Valuing a duplex... - Posted by Fran

Posted by William Bronchick on May 19, 2000 at 09:51:15:

With low-end mutlifamily, you need to figure on 1/2 of the gross rent going to every BUT debt service. Thus, $4600/year will go to taxes, insurance, utilities, management, legal, repairs, etc. That leaves $4600/year for debt service - p&i payments. On a 15 year land contract @10%, your p&I payment would be about $350/month or $4200/year. So, at worst, you would be looking at break-even with nothing invested and paid off in 15 years.

Unless the place is a real disaster or in an area that is unpopulated, it looks good on paper. Capitalization means nothing, but based no my figures, I see about 13% rate.

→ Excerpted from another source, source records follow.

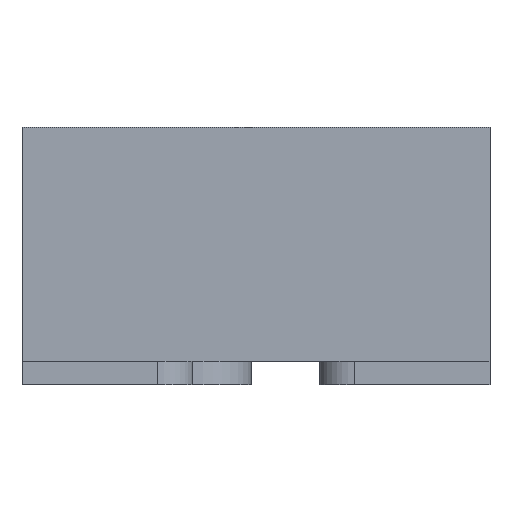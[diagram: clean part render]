
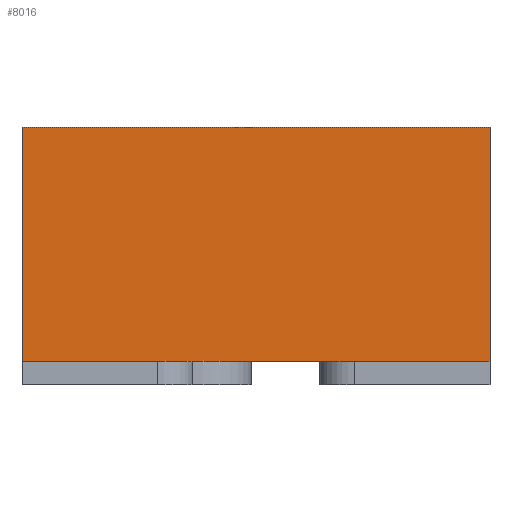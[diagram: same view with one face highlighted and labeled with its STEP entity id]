
A CAD part, front view. The second image highlights one B-rep face of the part: STEP entity #8016.
In plain terms, the highlighted planar face has unit normal (0, -1, 0).
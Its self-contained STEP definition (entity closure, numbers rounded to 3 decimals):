
#4881 = PLANE('',#4882);
#4882 = AXIS2_PLACEMENT_3D('',#4883,#4884,#4885);
#4883 = CARTESIAN_POINT('',(0.,0.,0.05));
#4884 = DIRECTION('',(0.,0.,1.));
#4885 = DIRECTION('',(1.,0.,0.));
#4893 = PLANE('',#4894);
#4894 = AXIS2_PLACEMENT_3D('',#4895,#4896,#4897);
#4895 = CARTESIAN_POINT('',(-0.5,1.25,0.05));
#4896 = DIRECTION('',(-1.,0.,0.));
#4897 = DIRECTION('',(0.,-1.,0.));
#5649 = VERTEX_POINT('',#5650);
#5650 = CARTESIAN_POINT('',(-0.5,-1.25,0.05));
#5671 = EDGE_CURVE('',#5649,#5672,#5674,.T.);
#5672 = VERTEX_POINT('',#5673);
#5673 = CARTESIAN_POINT('',(0.5,-1.25,0.05));
#5674 = SURFACE_CURVE('',#5675,(#5679,#5686),.PCURVE_S1.);
#5675 = LINE('',#5676,#5677);
#5676 = CARTESIAN_POINT('',(-0.5,-1.25,0.05));
#5677 = VECTOR('',#5678,1.);
#5678 = DIRECTION('',(1.,0.,0.));
#5679 = PCURVE('',#4881,#5680);
#5680 = DEFINITIONAL_REPRESENTATION('',(#5681),#5685);
#5681 = LINE('',#5682,#5683);
#5682 = CARTESIAN_POINT('',(-0.5,-1.25));
#5683 = VECTOR('',#5684,1.);
#5684 = DIRECTION('',(1.,0.));
#5685 = ( GEOMETRIC_REPRESENTATION_CONTEXT(2) 
PARAMETRIC_REPRESENTATION_CONTEXT() REPRESENTATION_CONTEXT('2D SPACE',''
  ) );
#5686 = PCURVE('',#5687,#5692);
#5687 = PLANE('',#5688);
#5688 = AXIS2_PLACEMENT_3D('',#5689,#5690,#5691);
#5689 = CARTESIAN_POINT('',(-0.5,-1.25,0.05));
#5690 = DIRECTION('',(0.,-1.,0.));
#5691 = DIRECTION('',(1.,0.,0.));
#5692 = DEFINITIONAL_REPRESENTATION('',(#5693),#5697);
#5693 = LINE('',#5694,#5695);
#5694 = CARTESIAN_POINT('',(0.,0.));
#5695 = VECTOR('',#5696,1.);
#5696 = DIRECTION('',(1.,0.));
#5697 = ( GEOMETRIC_REPRESENTATION_CONTEXT(2) 
PARAMETRIC_REPRESENTATION_CONTEXT() REPRESENTATION_CONTEXT('2D SPACE',''
  ) );
#5715 = PLANE('',#5716);
#5716 = AXIS2_PLACEMENT_3D('',#5717,#5718,#5719);
#5717 = CARTESIAN_POINT('',(0.5,-1.25,0.05));
#5718 = DIRECTION('',(1.,0.,0.));
#5719 = DIRECTION('',(0.,1.,0.));
#6580 = VERTEX_POINT('',#6581);
#6581 = CARTESIAN_POINT('',(-0.5,-1.25,0.55));
#6595 = PLANE('',#6596);
#6596 = AXIS2_PLACEMENT_3D('',#6597,#6598,#6599);
#6597 = CARTESIAN_POINT('',(0.,0.,0.55));
#6598 = DIRECTION('',(0.,0.,1.));
#6599 = DIRECTION('',(1.,0.,0.));
#6607 = EDGE_CURVE('',#5649,#6580,#6608,.T.);
#6608 = SURFACE_CURVE('',#6609,(#6613,#6620),.PCURVE_S1.);
#6609 = LINE('',#6610,#6611);
#6610 = CARTESIAN_POINT('',(-0.5,-1.25,0.05));
#6611 = VECTOR('',#6612,1.);
#6612 = DIRECTION('',(0.,0.,1.));
#6613 = PCURVE('',#4893,#6614);
#6614 = DEFINITIONAL_REPRESENTATION('',(#6615),#6619);
#6615 = LINE('',#6616,#6617);
#6616 = CARTESIAN_POINT('',(2.5,0.));
#6617 = VECTOR('',#6618,1.);
#6618 = DIRECTION('',(0.,1.));
#6619 = ( GEOMETRIC_REPRESENTATION_CONTEXT(2) 
PARAMETRIC_REPRESENTATION_CONTEXT() REPRESENTATION_CONTEXT('2D SPACE',''
  ) );
#6620 = PCURVE('',#5687,#6621);
#6621 = DEFINITIONAL_REPRESENTATION('',(#6622),#6626);
#6622 = LINE('',#6623,#6624);
#6623 = CARTESIAN_POINT('',(0.,0.));
#6624 = VECTOR('',#6625,1.);
#6625 = DIRECTION('',(0.,1.));
#6626 = ( GEOMETRIC_REPRESENTATION_CONTEXT(2) 
PARAMETRIC_REPRESENTATION_CONTEXT() REPRESENTATION_CONTEXT('2D SPACE',''
  ) );
#8016 = ADVANCED_FACE('',(#8017),#5687,.T.);
#8017 = FACE_BOUND('',#8018,.F.);
#8018 = EDGE_LOOP('',(#8019,#8020,#8021,#8044));
#8019 = ORIENTED_EDGE('',*,*,#5671,.F.);
#8020 = ORIENTED_EDGE('',*,*,#6607,.T.);
#8021 = ORIENTED_EDGE('',*,*,#8022,.T.);
#8022 = EDGE_CURVE('',#6580,#8023,#8025,.T.);
#8023 = VERTEX_POINT('',#8024);
#8024 = CARTESIAN_POINT('',(0.5,-1.25,0.55));
#8025 = SURFACE_CURVE('',#8026,(#8030,#8037),.PCURVE_S1.);
#8026 = LINE('',#8027,#8028);
#8027 = CARTESIAN_POINT('',(-0.5,-1.25,0.55));
#8028 = VECTOR('',#8029,1.);
#8029 = DIRECTION('',(1.,0.,0.));
#8030 = PCURVE('',#5687,#8031);
#8031 = DEFINITIONAL_REPRESENTATION('',(#8032),#8036);
#8032 = LINE('',#8033,#8034);
#8033 = CARTESIAN_POINT('',(0.,0.5));
#8034 = VECTOR('',#8035,1.);
#8035 = DIRECTION('',(1.,0.));
#8036 = ( GEOMETRIC_REPRESENTATION_CONTEXT(2) 
PARAMETRIC_REPRESENTATION_CONTEXT() REPRESENTATION_CONTEXT('2D SPACE',''
  ) );
#8037 = PCURVE('',#6595,#8038);
#8038 = DEFINITIONAL_REPRESENTATION('',(#8039),#8043);
#8039 = LINE('',#8040,#8041);
#8040 = CARTESIAN_POINT('',(-0.5,-1.25));
#8041 = VECTOR('',#8042,1.);
#8042 = DIRECTION('',(1.,0.));
#8043 = ( GEOMETRIC_REPRESENTATION_CONTEXT(2) 
PARAMETRIC_REPRESENTATION_CONTEXT() REPRESENTATION_CONTEXT('2D SPACE',''
  ) );
#8044 = ORIENTED_EDGE('',*,*,#8045,.F.);
#8045 = EDGE_CURVE('',#5672,#8023,#8046,.T.);
#8046 = SURFACE_CURVE('',#8047,(#8051,#8058),.PCURVE_S1.);
#8047 = LINE('',#8048,#8049);
#8048 = CARTESIAN_POINT('',(0.5,-1.25,0.05));
#8049 = VECTOR('',#8050,1.);
#8050 = DIRECTION('',(0.,0.,1.));
#8051 = PCURVE('',#5687,#8052);
#8052 = DEFINITIONAL_REPRESENTATION('',(#8053),#8057);
#8053 = LINE('',#8054,#8055);
#8054 = CARTESIAN_POINT('',(1.,0.));
#8055 = VECTOR('',#8056,1.);
#8056 = DIRECTION('',(0.,1.));
#8057 = ( GEOMETRIC_REPRESENTATION_CONTEXT(2) 
PARAMETRIC_REPRESENTATION_CONTEXT() REPRESENTATION_CONTEXT('2D SPACE',''
  ) );
#8058 = PCURVE('',#5715,#8059);
#8059 = DEFINITIONAL_REPRESENTATION('',(#8060),#8064);
#8060 = LINE('',#8061,#8062);
#8061 = CARTESIAN_POINT('',(0.,0.));
#8062 = VECTOR('',#8063,1.);
#8063 = DIRECTION('',(0.,1.));
#8064 = ( GEOMETRIC_REPRESENTATION_CONTEXT(2) 
PARAMETRIC_REPRESENTATION_CONTEXT() REPRESENTATION_CONTEXT('2D SPACE',''
  ) );

If he wants money down (I doubt it), offer to do repairs or improvements in lieu of a down payment.

Valuing a duplex… - Posted by Fran

Posted by Fran on May 18, 2000 at 14:01:23:

I have a question regarding a call I got…

Former broker, had property here, retired moved to FL, and has one piece left he wants to unload.

Before he left he did a ton of interior renovations, new carpet, paint, appliances, etc. It needs some exterior work, at an estimated cost of 7K.

Here’s the current numbers:
Gross yearly rent: $9240/yr. ($385212)
Taxes: $711/yr.
Water/sewer (he pays): $900/yr.
His asking price: $34K

My gut tells me the bottom apartment will rent for a bit more, because it has the right to the basement and the laundry hookups, etc…

Once i do the repairs, etc., what should I be expecting to put aside for deferred maintenance, vacancies, etc.

Can anyone run me through the formulas to analize this deal (cap rate, NOI, etc.)

Thanks,

Fran

PS–He was willing to carry back, or discuss “creative financing”, so any suggestions in that vain would be helpful.